Zardoz wrote: MonteQuest, you may be right about the global population never reaching seven billion.
Remember, folks, this is happening while there's still enough oil being produced to meet demand. And let's not even think about the detrimental crop-production effects of Global Warming.
MonteQuest wrote:70% of Pakistan is under 16 years of age.
47% of all Arab countries are under 15 years of age with population doubling times of 7 to 11 years...
nth wrote:It is not an energy shortage, but water shortage according to the article.
But high prices does mean lower consumption of oil in developing states.
ozkrenske wrote:These two are going to have big problems and one has nukes to threaten people with.
parsifal wrote:I read about the Ogallala depeleting well over ten years ago... people are on the move from their dying countires. PO is a great symbol of eveything coming undone. I place my hand on my heart and say a silent prayer before each meal.

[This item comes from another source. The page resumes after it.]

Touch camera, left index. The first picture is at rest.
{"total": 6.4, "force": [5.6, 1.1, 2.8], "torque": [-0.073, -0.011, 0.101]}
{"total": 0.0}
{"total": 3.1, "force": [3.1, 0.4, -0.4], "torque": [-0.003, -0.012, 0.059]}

"A days wages for a cup of wheat."
-Book of Revelation
TITAN wrote:nth wrote:It is not an energy shortage, but water shortage according to the article.
But high prices does mean lower consumption of oil in developing states.

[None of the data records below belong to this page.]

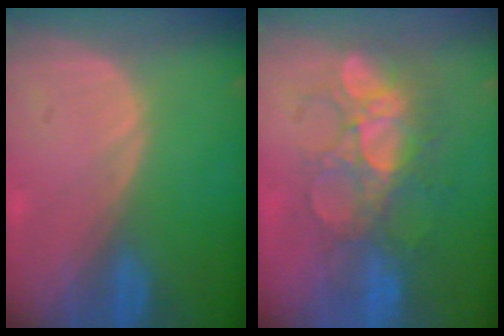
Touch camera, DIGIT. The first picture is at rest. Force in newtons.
{"total": 9.0, "press": 8.6, "slide": 2.6}
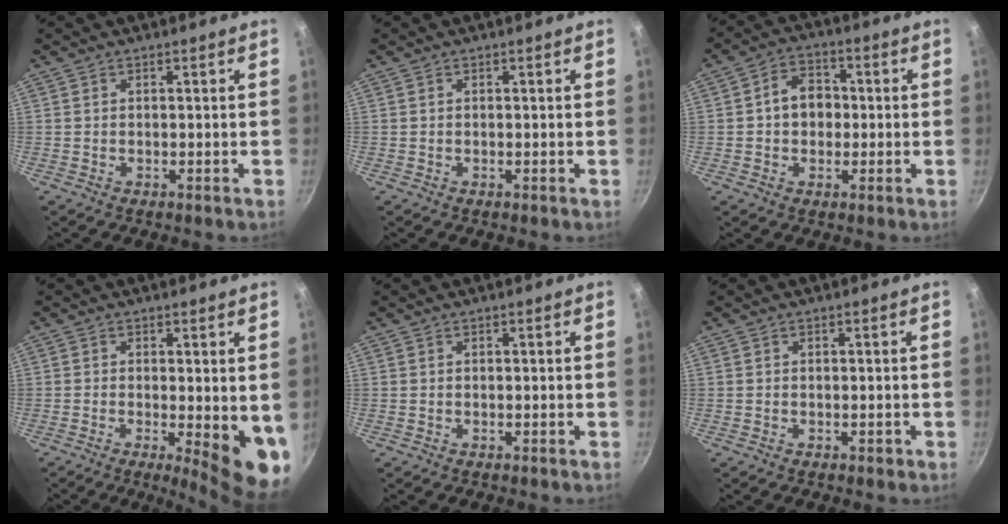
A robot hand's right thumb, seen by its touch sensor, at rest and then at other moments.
{"total": 0.0}
{"total": 7.4, "force": [0.1, 5.8, 4.5], "torque": [-0.041, 0.016, -0.008]}
{"total": 9.6, "force": [-1.2, 2.9, 9.0], "torque": [-0.102, -0.014, -0.010]}
{"total": 0.0}
{"total": 0.8, "force": [-0.4, 0.4, 0.6], "torque": [-0.007, 0.004, -0.004]}

When it comes to farming, less oil for producing fertilizer can be dealt with, water shortages is a FAR worse problem.
"For hungry kids, 'backpack clubs' try to fill gap
...
"Without this food, I don't know what we would do," says their mother, Karen Lozano. In a town [TYLER, Texas] where the oil boom once created dozens of millionaires and where azaleas and roses now attract tourists, Ms. Lozano, 41, and her two youngest children sit in a living room beneath a bare light bulb dangling from the ceiling.
...
Cody and Cherokee are members of the Backpack Club at Douglas Elementary School. Every Friday during the school year, just before the final bell, they and 70 schoolmates from low-income families rush into the auditorium and wait in line for backpacks filled with food. In the past year, thousands of other children have begun forming similar Friday afternoon lines in schools across 30 states, from big cities like Chicago, to postcard places like Sonoma County, Calif., to rural hamlets surrounded by corn and wheat fields like Hawkeye, Iowa.
...
The Second Harvest survey also paints a portrait of the hungry at odds with common stereotypes: Only 12 percent of those served by the nation's food banks are homeless; 93 percent are American citizens; 40 percent are white; nearly half live in rural or suburban areas; and, more than one-third of the hungry households have at least one working adult.
"
dukey wrote:i dont think we are at peak food production yet
UK has quite a lot of land which farmers are actually paid to do nothing with it. Ie not to grow crops on it, in a bid to stop the massive over production of food which used to happen in europe due to the CAP scheme. I think the same is probably true for the rest of europe.